To better grasp the pandemic situation, a monitoring and reporting mechanism for the diagnosis and treatment of COVID-19 cases at primary-level medical institutions across the country was set up, National Health Commission official Fu Wei said at the January 30 press conference.


Living in the now 

Following the recent increase of weekly reported deaths worldwide, the World Health Organization (WHO) said in a statement on January 30 that COVID-19 continues to constitute a public health emergency of international concern.

Although infection or vaccination may lead to higher levels of population immunity globally and limit the impact of morbidity and mortality, "there is little doubt this virus will remain a permanently established pathogen in humans and animals for the foreseeable future," the WHO's International Health Regulations (2005) Emergency Committee said.

Despite the waning pandemic, the Chinese authorities and medical institutions haven't relaxed their efforts to safeguard people's health. "The focus of the new COVID-19 response is on protecting people's health and preventing severe cases," Tang Yida, assistant to the dean and chief cardiologist with the Department of Cardiology at Peking University Third Hospital, told Beijing Review.

In the three to six months to come, the level of immune protection obtained after infection will decline, and the risk of infection will increase, according to Li Tongzeng, head of the Department of Respiratory and Infectious Diseases at Beijing Youan Hospital affiliated with Capital Medical University.

Li warns of the probability of new infection peaks when the virus mutates into more contagious variants. But he added the next possible peak will not be as serious as the one late last year.

Currently, COVID-19 mostly affects those who have not yet been infected, constituting 15 to 20 percent of China's total population, Lu Mengji, a virologist with the Institute for Virology at the University of Duisburg-Essen in Germany, told China News Service on January 29.

Seniors with underlying diseases should also be extra careful, Lu said, adding that, if they haven't been infected already, getting vaccinated as soon as possible will better protect them.

Currently, medical services at township and village clinics and community health centers, the primary-level providers of healthcare in both rural and urban areas, have continuously improved nationwide. More than 94 percent of basic-level medical and healthcare institutions now have a sufficient stock of fever and cough-suppressing medication plus traditional Chinese medicine (TCM), as TCM has been showing its unique advantages in the treatment of COVID-19 infection. As of January 27, these same institutions had 2.89 million fingertip pulse oximeters and 219,000 oxygen generators—both crucial equipment for monitoring any changes in a patient's condition.
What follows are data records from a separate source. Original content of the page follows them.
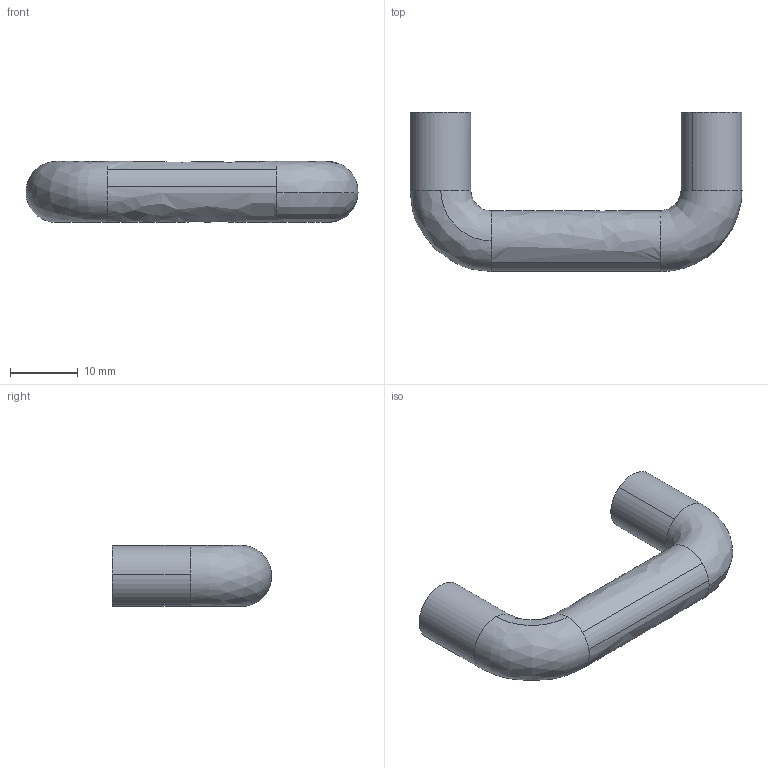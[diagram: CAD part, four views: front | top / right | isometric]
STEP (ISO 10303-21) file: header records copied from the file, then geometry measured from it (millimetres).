
FILE_DESCRIPTION((''),'2;1');
FILE_NAME('','2005-10-12T12:14:27',(''),(''),'','CADfix','');
FILE_SCHEMA(('AUTOMOTIVE_DESIGN'));
Length unit declared in the file: millimetre
Products named in the file (3): pull; coat; THA_439_4_1717_36
Assembly tree (2 placements, depth 2):
  THA_439_4_1717_36
    pull
    coat
Bounding box: 48.99 x 23.5 x 9.02 mm (x, y, z)
Volume: 4337.7 mm3; surface area: 5049.3 mm2
Topology: 2 solids, 2 shells, 40 faces, 139 edges, 105 vertices
Faces by surface type: bspline 40
Entity records: 3504 total; most frequent: CARTESIAN_POINT 2736, ORIENTED_EDGE 278, EDGE_CURVE 139, VERTEX_POINT 105, EDGE_LOOP 44, FACE_OUTER_BOUND 40, ADVANCED_FACE 40, QUASI_UNIFORM_CURVE 22

To prepare for future waves of COVID-19 infection, Beijing plans to carry out a survey to measure COVID-19 antibody levels across its residential population to help assess the capital's pandemic situation and fine-tune its virus control strategy. The study will hopefully generate more insights into the actual number of asymptomatic cases and the antibody levels of people inoculated with different vaccines.

To respond to public concern and educate people on COVID-19 and its variants, health authorities and experts have been updating all related information on traditional and social media platforms. For example, China CDC informed the public on January 31 about a new Omicron variant CH.1.1 detected in over 65 countries. Explaining the pathogenicity and the domestic detection details, the agency said the new variant won't cause another infection wave nationwide in the short term.

"For the whole world, monitoring virus variation is one of the most important tasks, and China is no exception. The work is still ongoing. At the same time, the public should continue to stay focused on protecting their health," Liu concluded.